If your site isn’t all that complicated, you certainly can run through the install process and just re-install everything manually and copy over the things by hand. For my orgs site, though, there’s multiple years worth of blog posts so any sort of manual one-by-one copying was strictly out of the question.

Starting with file uploads

We’ll use FTP to push a copy of the files we’re going to upload. To get your app’s FTP credentials, click on your App Service that was just created, and from the overview tab click the “Get Publish Profile”

Deployment Credentials

When you do, you’re going to get a gross looking XML file that when you open it up in a text editor is going to look something like this:

<publishData><publishProfile profileName="junk-creds - Web Deploy" publishMethod="MSDeploy" publishUrl="junk-creds.scm.azurewebsites.net:443" msdeploySite="junk-creds" userName="$junk-creds" userPWD="JLgYaqoMit6JzXlumPsKLkR2zGCHLE5rgRpf02E9bARozPNC75FhnRarH4GC" destinationAppUrl="http://junk-creds.azurewebsites.net" SQLServerDBConnectionString="" mySQLDBConnectionString="" hostingProviderForumLink="" controlPanelLink="http://windows.azure.com" webSystem="WebSites"><databases /></publishProfile><publishProfile profileName="junk-creds - FTP" publishMethod="FTP" publishUrl="ftp://waws-prod-sn1-141.ftp.azurewebsites.windows.net/site/wwwroot" ftpPassiveMode="True" userName="junk-creds\$junk-creds" userPWD="JLgYaqoMit6JzXlumPsKLkR2zGCHLE5rgRpf02E9bARozPNC75FhnRarH4GC" destinationAppUrl="http://junk-creds.azurewebsites.net" SQLServerDBConnectionString="" mySQLDBConnectionString="" hostingProviderForumLink="" controlPanelLink="http://windows.azure.com" webSystem="WebSites"><databases /></publishProfile></publishData>

(If you can’t open it, try renaming the extension to .txt)

Now search that file for the string publishMethod=”FTP” and you should find a stanza that looks something like this when you throw in a few line breaks.

...
<publishProfile profileName="junk-creds - FTP" 
publishMethod="FTP" 
publishUrl="ftp://waws-prod-sn1-141.ftp.azurewebsites.windows.net/site/wwwroot" 
ftpPassiveMode="True" 
userName="junk-creds\$junk-creds" 
userPWD="JLgYaqoMit6JzXlumPsKLkR2zGCHLE5rgRpf02E9bARozPNC75FhnRarH4GC" 
destinationAppUrl="http://junk-creds.azurewebsites.net" 
...

This will give you all the credentials that you need to access your site via FTP. I’ll be using screenshots from FileZilla - an open-source, cross platform FTP client - but any FTP client that you’re comfortable with should be just fine.

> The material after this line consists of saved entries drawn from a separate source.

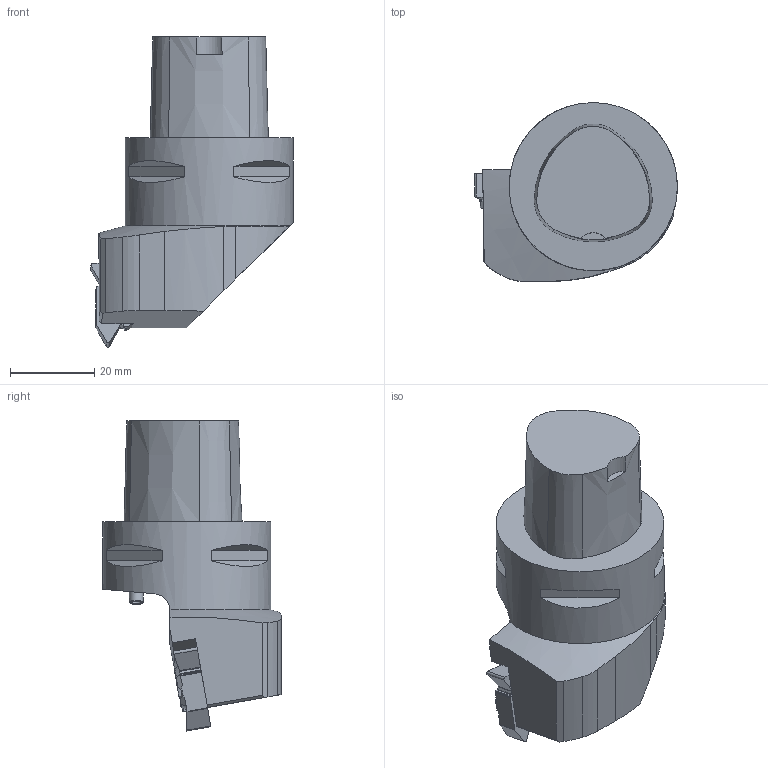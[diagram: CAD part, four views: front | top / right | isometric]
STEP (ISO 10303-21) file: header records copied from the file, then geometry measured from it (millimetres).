
FILE_DESCRIPTION(/* description */ (''),/* implementation_level */ '2;1');
FILE_NAME(/* name */ 'assy.stp',/* time_stamp */ '2018-02-28T12:25:02+01:00',/* author */ (''),/* organization */ ('SMS'),/* preprocessor_version */ 'ST-DEVELOPER v15',/* originating_system */ 'SIEMENS PLM Software NX 8.5',/* authorisation */ '');
FILE_SCHEMA (('AUTOMOTIVE_DESIGN { 1 0 10303 214 3 1 1 1 }'));
Length unit declared in the file: millimetre
Products named in the file (4): ASSEMBLY_CONSTRUCTION; NOCUT; CUT; ASSY
Assembly tree (3 placements, depth 2):
  ASSY
    CUT
    NOCUT
    ASSEMBLY_CONSTRUCTION
Bounding box: 48.21 x 42.47 x 73.71 mm (x, y, z)
Volume: 55788.1 mm3; surface area: 10630.2 mm2
Topology: 2 solids, 2 shells, 117 faces, 317 edges, 217 vertices
Faces by surface type: plane 71, cylinder 28, cone 16, torus 2
Full cylindrical faces by diameter (mm): 2.2 x1, 3.3 x1, 5.7 x1, 40 x1
Entity records: 4011 total; most frequent: CARTESIAN_POINT 879, DIRECTION 643, ORIENTED_EDGE 608, EDGE_CURVE 304, AXIS2_PLACEMENT_3D 227, VERTEX_POINT 206, LINE 189, VECTOR 189

In Filezilla, open up the site manager (File > Site Manager) and fill in the information from the publish profile.

For these junk creds that I spun up, the site configuration would look like this:

  • Host - waws-prod-sn1-141.ftp.azurewebsites.windows.net
  • Port - Can be left blank
  • Protocol - FTP
  • Encryption - Use explicit FTP over TLS if available
  • Login Type - Normal
  • User - junk-creds$junk-creds
  • Password - JLgYaqoMit6JzXlumPsKLkR2zGCHLE5rgRpf02E9bARozPNC75FhnRarH4GC

FTP Settings

And hit “Connect”

When you connect for the first time, you’ll be prompted to accept the certificate. Accept it, and you’ll get to your more traditional FTP upload. You’ll want to upload everything from inside your backwpup zip backup file except the .sql file for the database and your old site’s wp-config.php

FTP Upload

And you’ll be prompted with file conflicts. Go ahead and select to overwrite everything on Azure with what’s in your backup file.

FTP Overwrite

Now let that rip in the background. It may take a while.

Wait, isn’t the wp-config.php file important?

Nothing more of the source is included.